Aldehyde Dehydrogenase 2 Protects Against Post-Cardiac Arrest Myocardial Dysfunction Through a Novel Mechanism of Suppressing Mitochondrial Reactive Oxygen Species Production

Post-cardiac arrest myocardial dysfunction significantly contributes to early mortality after the return of spontaneous circulation. However, no effective therapy is available now. Aldehyde dehydrogenase 2 (ALDH2) enzyme has been shown to protect the heart from aldehyde toxicity such as 4-hydroxy-2-nonenal (4-HNE) and oxidative stress. In this study, we evaluated the effect of enhanced activity or expression of ALDH2 on post-cardiac arrest myocardial dysfunction and survival in a rat cardiac arrest model. Furthermore, we elucidated the underlying mechanisms with a focus on mitochondrial reactive oxygen species (ROS) production in a cell hypoxia/reoxygenation model. A total of 126 rats were used for the ALDH2 activation or cardiac overexpression of ALDH2 studies. Randomization was done 10 min before the respective agonist injection or in vivo gene delivery. We showed that enhanced activity or expression of ALDH2 significantly improved contractile function of the left ventricle and survival rate in rats subjected to cardiac arrest-cardiopulmonary resuscitation procedure.
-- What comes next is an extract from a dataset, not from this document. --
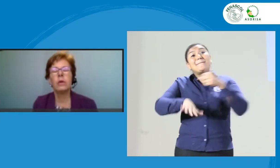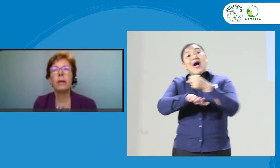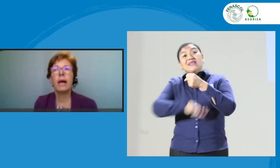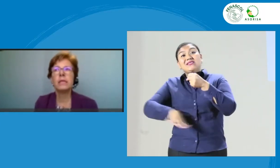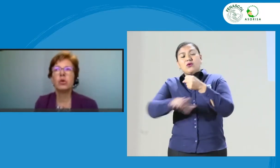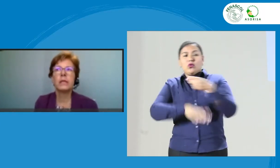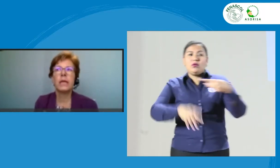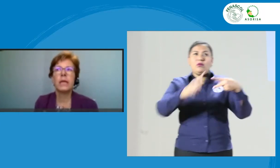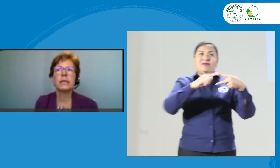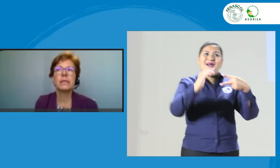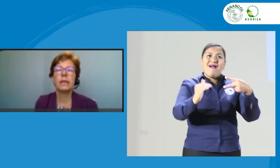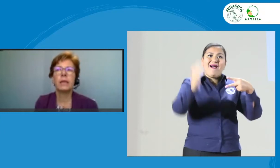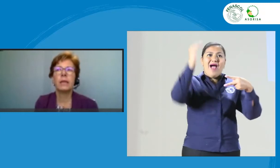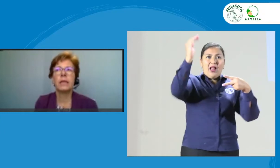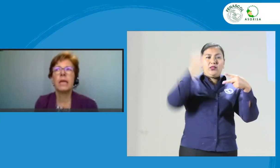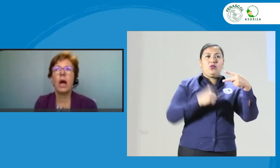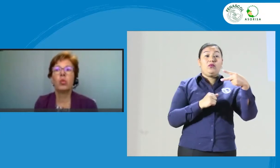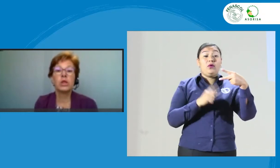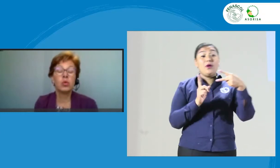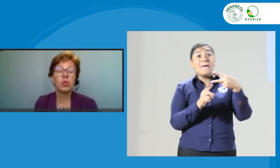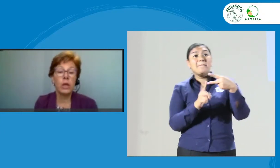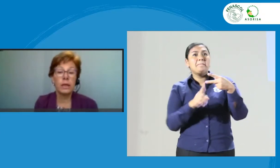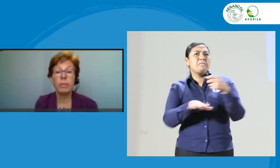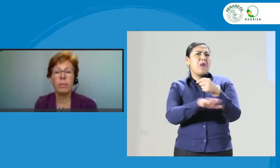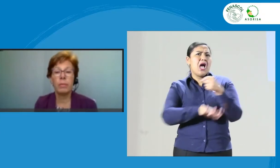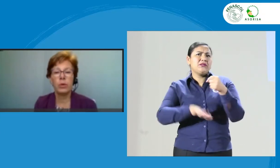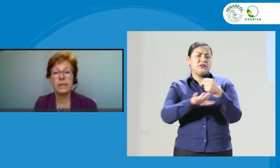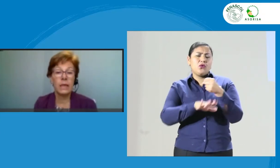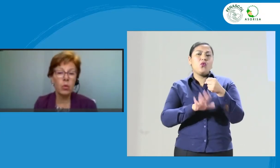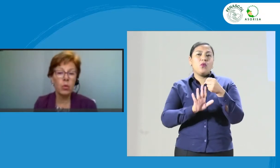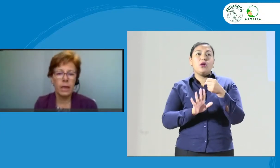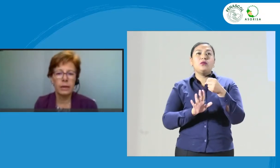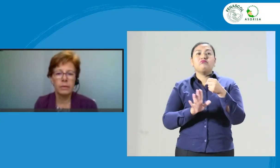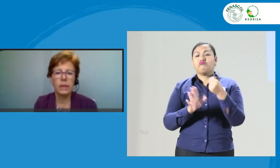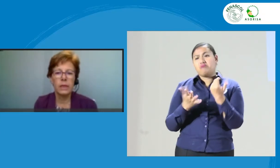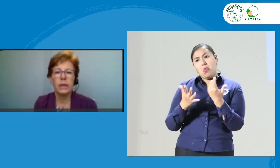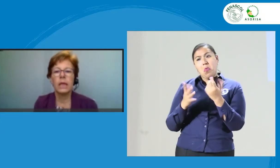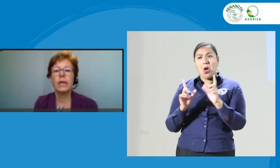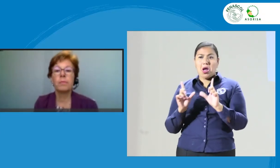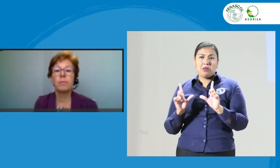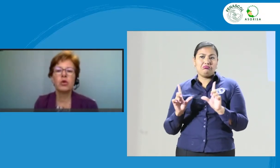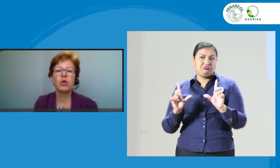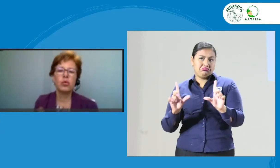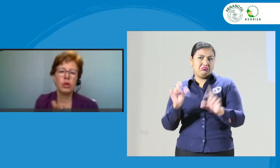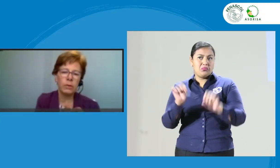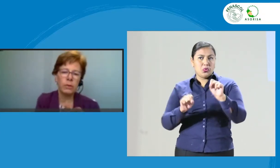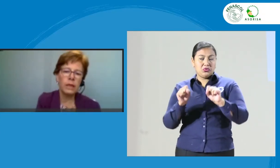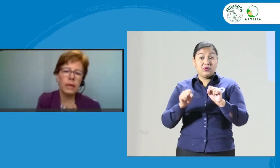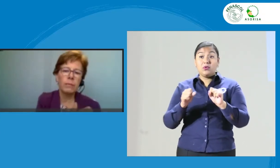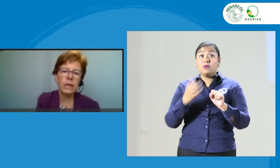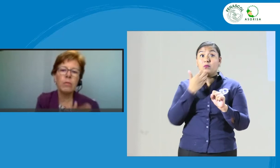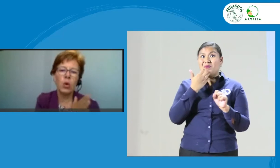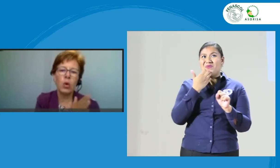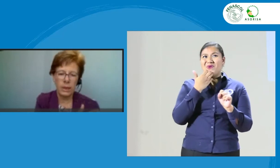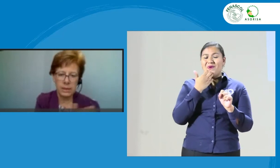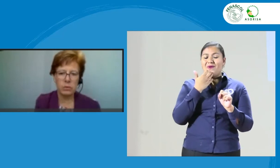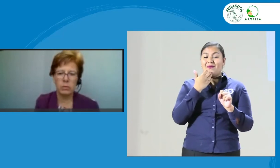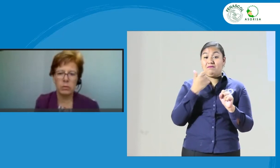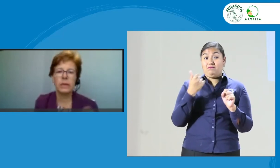básico sería el que se le pediría a un estudiante para poderse graduar. En español, usted debe tener mínimo, en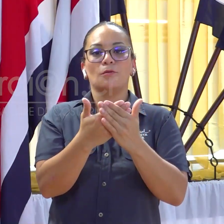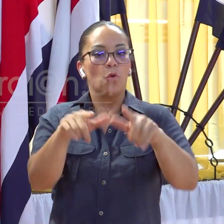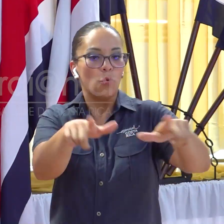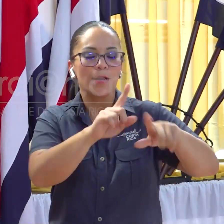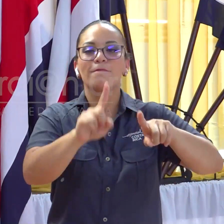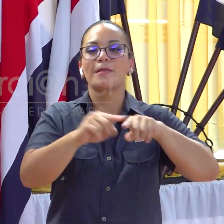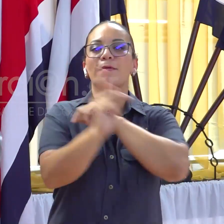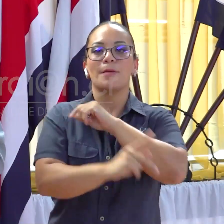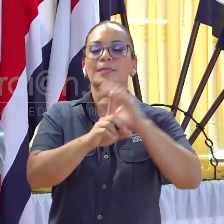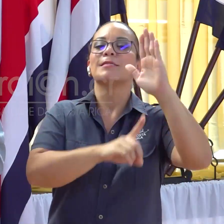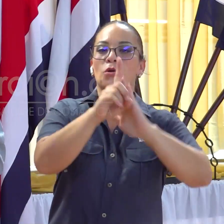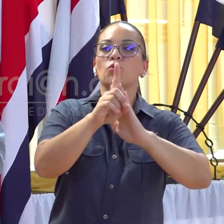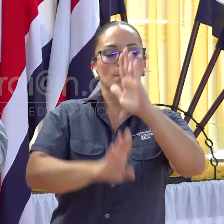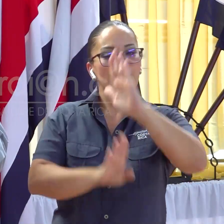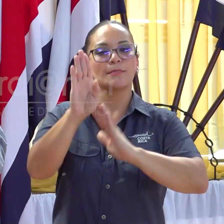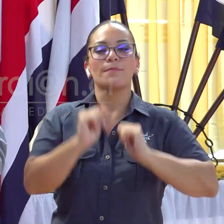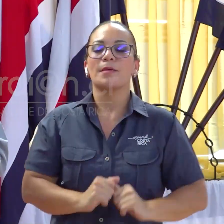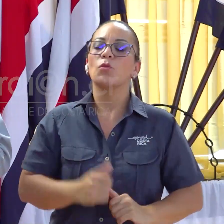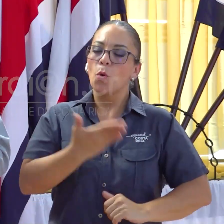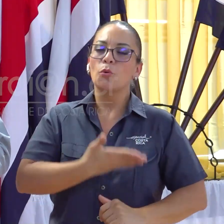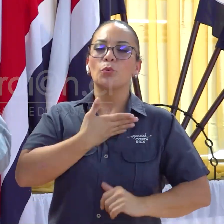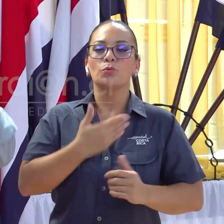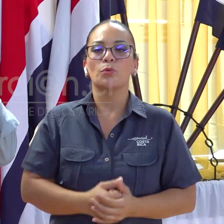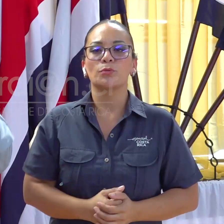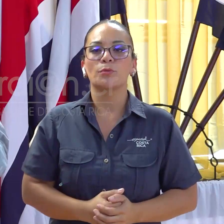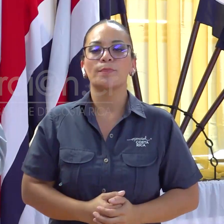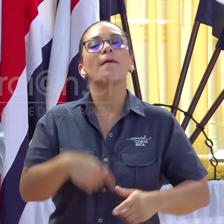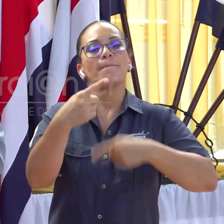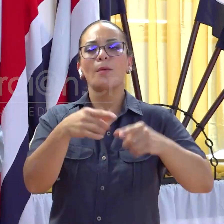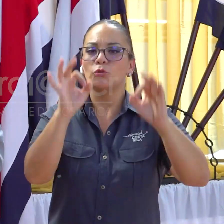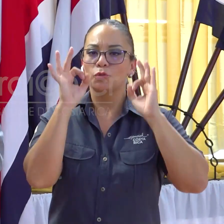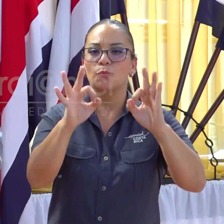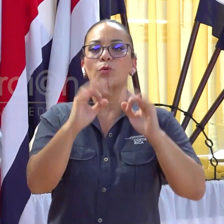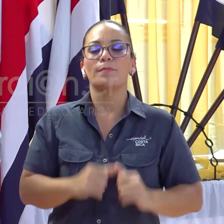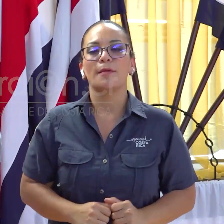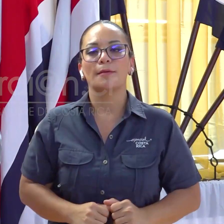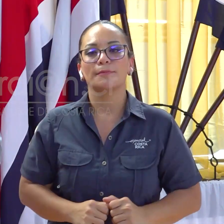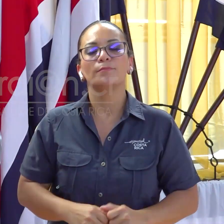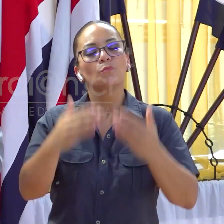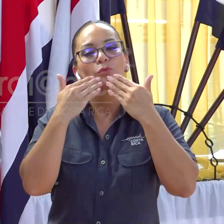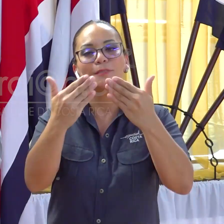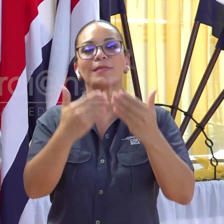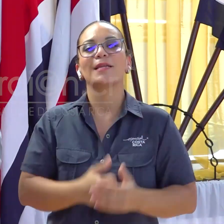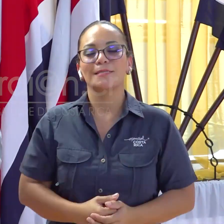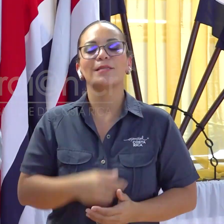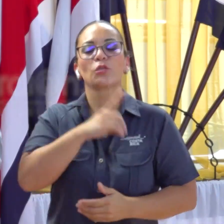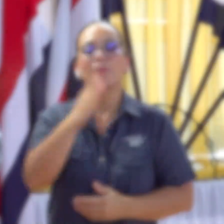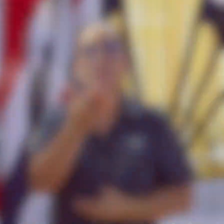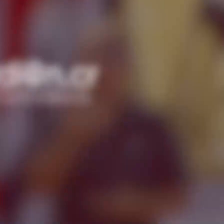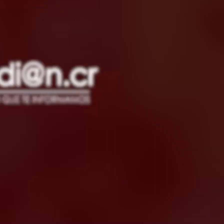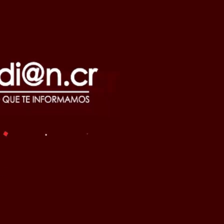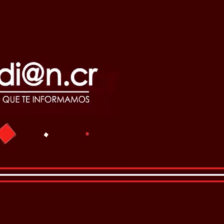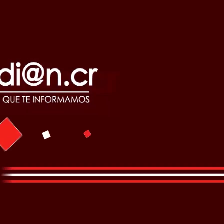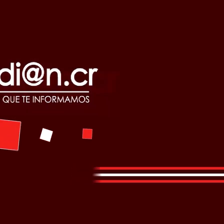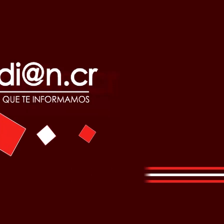del país, desarrollo y crecimiento. Muy orgulloso, vamos muy bien. Muchísimas gracias y Dios los bendiga.

Moreover, ALDH2 prevented cardiac arrest-induced cardiomyocyte death from apoptosis and mitochondrial damage. Mechanistically, 4-HNE, a representative substrate of ALDH2, was dominantly increased in the hypoxia/reoxygenation-exposed cardiomyocytes. Direct addition of 4-HNE led to significantly augmented succinate accumulation and mitochondrial ROS production. Through metabolizing 4-HNE, ALDH2 significantly inhibited mitochondrial ROS production. Our findings provide compelling evidence of the cardioprotective effects of ALDH2 and therapeutic targeting this enzyme would provide an important approach for treating post-cardiac arrest myocardial dysfunction.